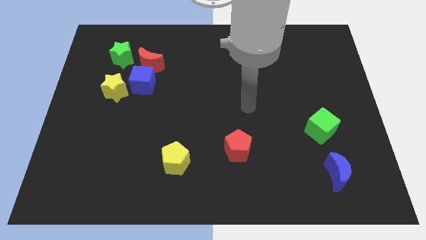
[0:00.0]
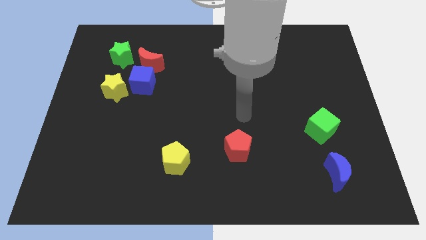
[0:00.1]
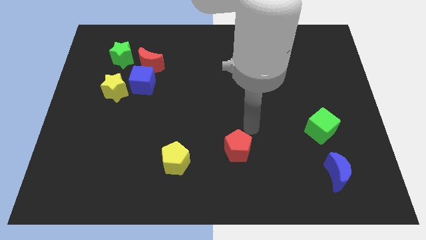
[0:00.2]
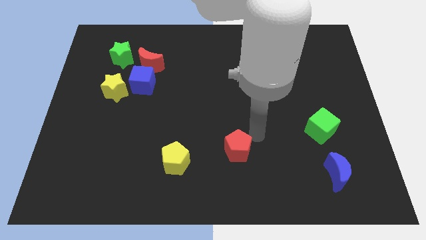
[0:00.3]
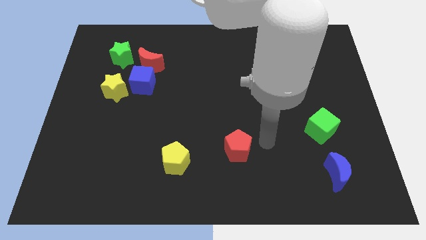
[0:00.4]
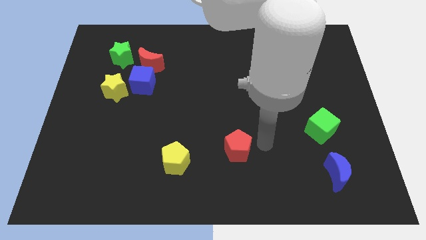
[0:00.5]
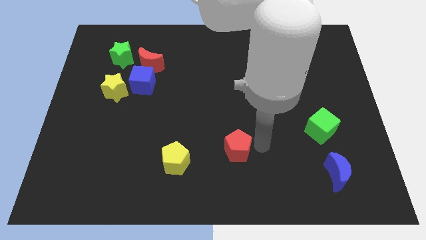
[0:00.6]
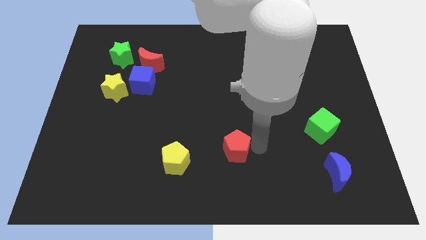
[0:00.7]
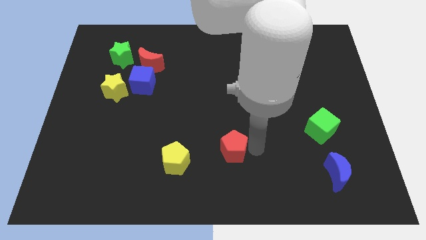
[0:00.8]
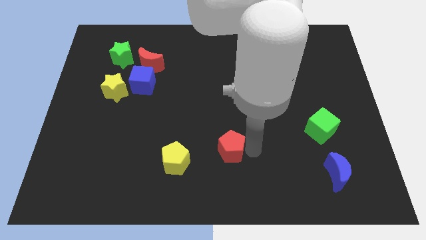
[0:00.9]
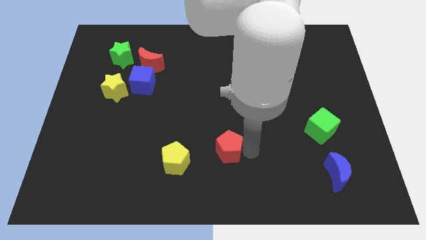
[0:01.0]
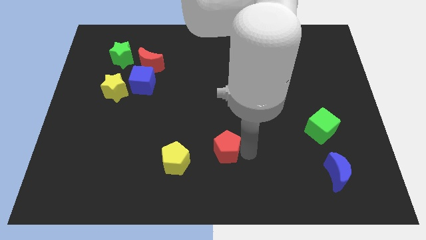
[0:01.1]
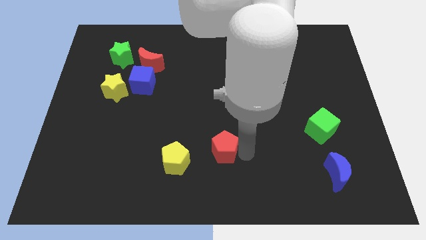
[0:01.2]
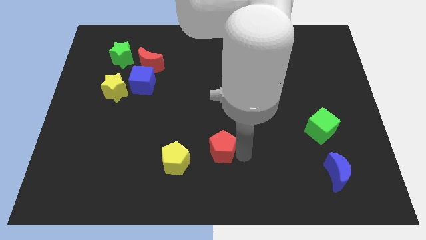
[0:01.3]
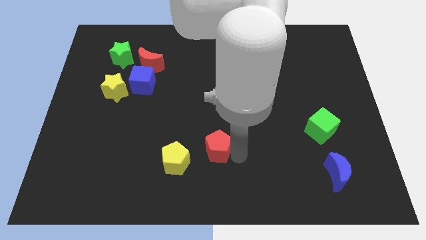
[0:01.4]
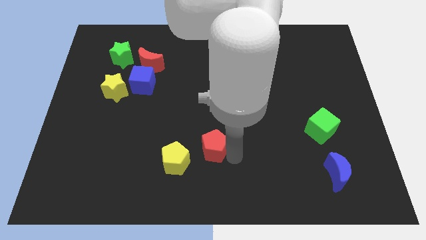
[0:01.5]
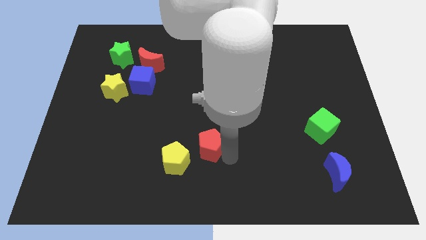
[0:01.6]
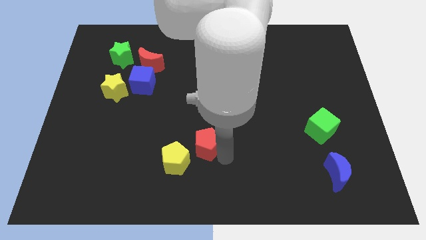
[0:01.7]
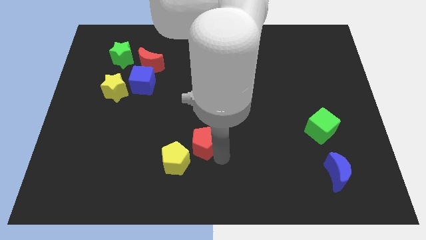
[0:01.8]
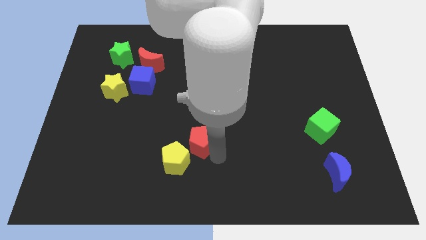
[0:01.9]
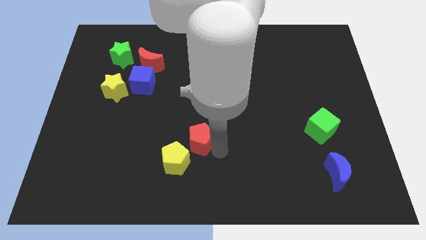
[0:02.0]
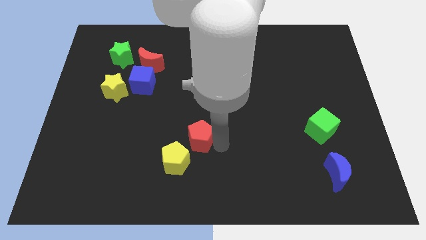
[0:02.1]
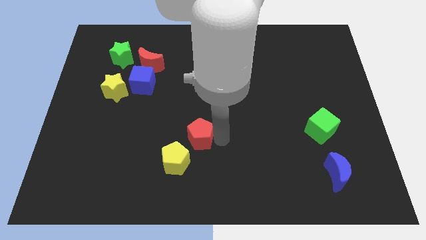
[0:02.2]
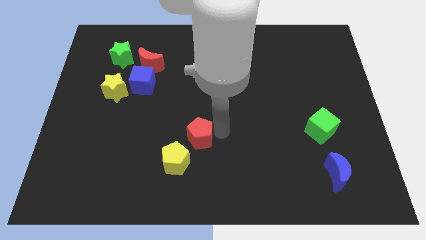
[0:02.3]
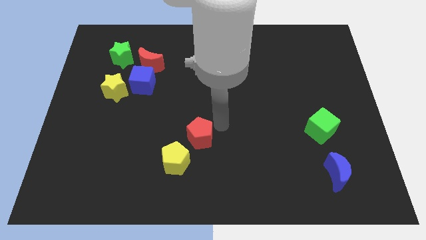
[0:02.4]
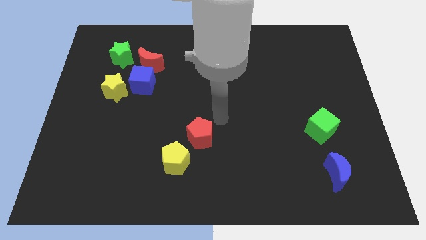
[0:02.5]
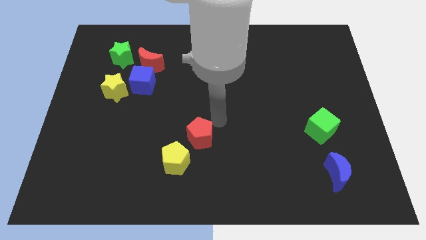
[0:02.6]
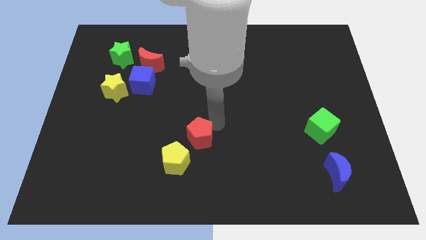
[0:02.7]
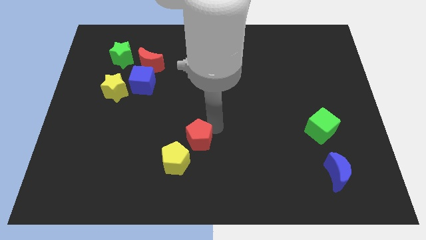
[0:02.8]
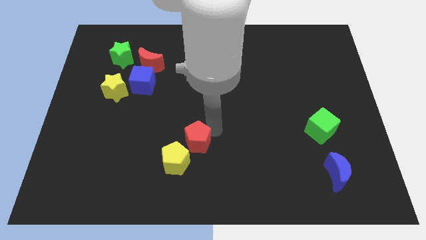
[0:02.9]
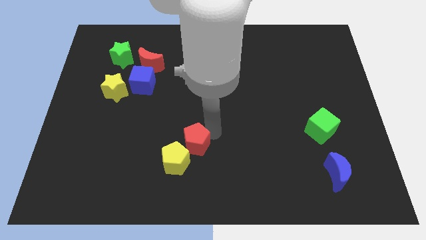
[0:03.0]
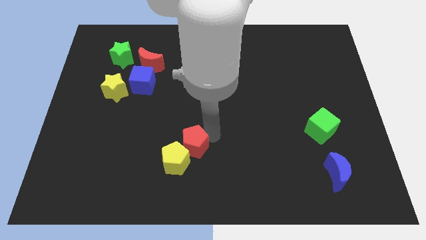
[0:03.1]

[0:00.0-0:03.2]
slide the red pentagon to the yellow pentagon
════
→ Exercise requirements:
Set out every record exactly, images excluded.

→ Result:
[0:00.0]
[0:00.1]
[0:00.2]
[0:00.3]
[0:00.4]
[0:00.5]
[0:00.6]
[0:00.7]
[0:00.8]
[0:00.9]
[0:01.0]
[0:01.1]
[0:01.2]
[0:01.3]
[0:01.4]
[0:01.5]
[0:01.6]
[0:01.7]
[0:01.8]
[0:01.9]
[0:02.0]
[0:02.1]
[0:02.2]
[0:02.3]
[0:02.4]
[0:02.5]
[0:02.6]
[0:02.7]
[0:02.8]
[0:02.9]
[0:03.0]
[0:03.1]

[0:00.0-0:03.2]
slide the red pentagon to the yellow pentagon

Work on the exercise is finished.